Every alert is composed of a threshold, date range (e.g. last 5 mins) and match condition (e.g. at least once). The rule engine is responsible for evaluating these conditions and triggering notifications. SigNoz allows you a complete flexibility in choosing all three conditions to meet your business requirements.
The evaluation is also based on the source or metric data, the left-hand side of the threshold condition - consider CPU Usage (LHS) > 70 (RHS).
The query editor (ClickHouse
tab in the alert form
) allows you to define a query to fetch the metric (source) data from ClickHouse and evaluate if the threshold condition occurs in it. The query format requires use of following reserved columns and parameters which simplify the syntax and support dynamic parts.
Reserved Aliases (for use in SELECT, GROUP BY only): value
, res
, result
, interval
Reserved Parameters (for use in WHERE condition only):
{{.start_datetime}}
{{.end_datetime}}
{{.start_timestamp}}
{{.end_timestamp}}
{{.start_timestamp_ms}}
{{.end_timestamp_ms}}
{{.start_timestamp_nano}}
{{.end_timestamp_nano}}
Let's explore sample queries to use ClickHouse data in alert evaluation.
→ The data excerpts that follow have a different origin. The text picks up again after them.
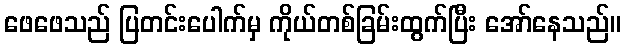
ဖေဖေသည် ပြတင်းပေါက်မှ ကိုယ်တစ်ခြမ်းထွက်ပြီး အော်နေသည်။
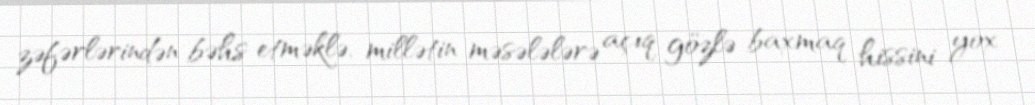
zəfərlərindən bəhs etməklə, millətin məsələlərə açıq gözlə baxmaq hissini yox
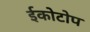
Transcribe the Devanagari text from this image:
ईकोटोप
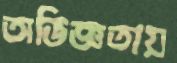
অভিজ্ঞতায়
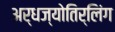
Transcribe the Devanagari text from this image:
अर्धज्योतिर्लिंग
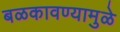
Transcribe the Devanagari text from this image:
बळकावण्यामुळे
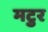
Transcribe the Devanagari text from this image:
मटुर
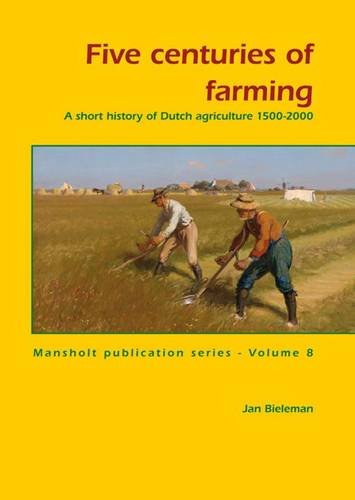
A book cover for Five Centuries of Farming: A Short History of Dutch Agriculture, 1500-2000 (Mansholt Publication Series); Jan Bieleman; Business & Money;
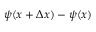
\psi ( x + \Delta x ) - \psi ( x )
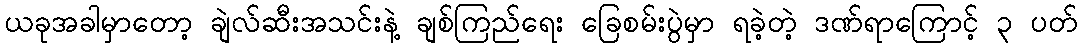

The rule engine is always looking for special column aliases. When the query returns data, the rule engine looks into the result for a column with alias value
or result
and compares the vector of all those values with the threshold (defined in alert form).
For example, the following query retrieves not found
errors of a service. When this query returns data, the rule engine will compare value
from each row with the threshold set in alert form.
SELECT count() AS value
FROM signoz_traces.distributed_signoz_error_index_v2
WHERE (serviceName='api-service’)
AND (exceptionType='Not found’);
If the same query is written without the column alias value
or result
, the rule engine will ignore the metric and fail to arrive at a threshold match.
Second reserved column alias is interval
. It is useful when you want to apply threshold check over n time intervals.
SELECT count() AS value, toStartOfInterval(timestamp, INTERVAL 5 MINUTE) AS interval
FROM signoz_traces.distributed_signoz_error_index_v2
WHERE (serviceName = 'api-service')
AND (exceptionType = 'Not found')
GROUP BY interval
The rule engine is also capable of dynamically applying date ranges to your SELECT
query. When you choose last 15 mins
option in the alert conditions section, the rule engine applies timestamp values in the timeframe condition below.
SELECT count() AS value, toStartOfInterval(timestamp, INTERVAL 5 MINUTE) AS interval
FROM signoz_traces.distributed_signoz_error_index_v2
WHERE timestamp BETWEEN {{.start_datetime}} AND {{.end_datetime}}
AND (serviceName = 'api-service')
AND (exceptionType = 'Not found')
GROUP BY interval
The reserved bind variables {{.start_datetime}}
and {{.end_datetime}}
would allow rule engine to dynamically include date range query when the alert query runs.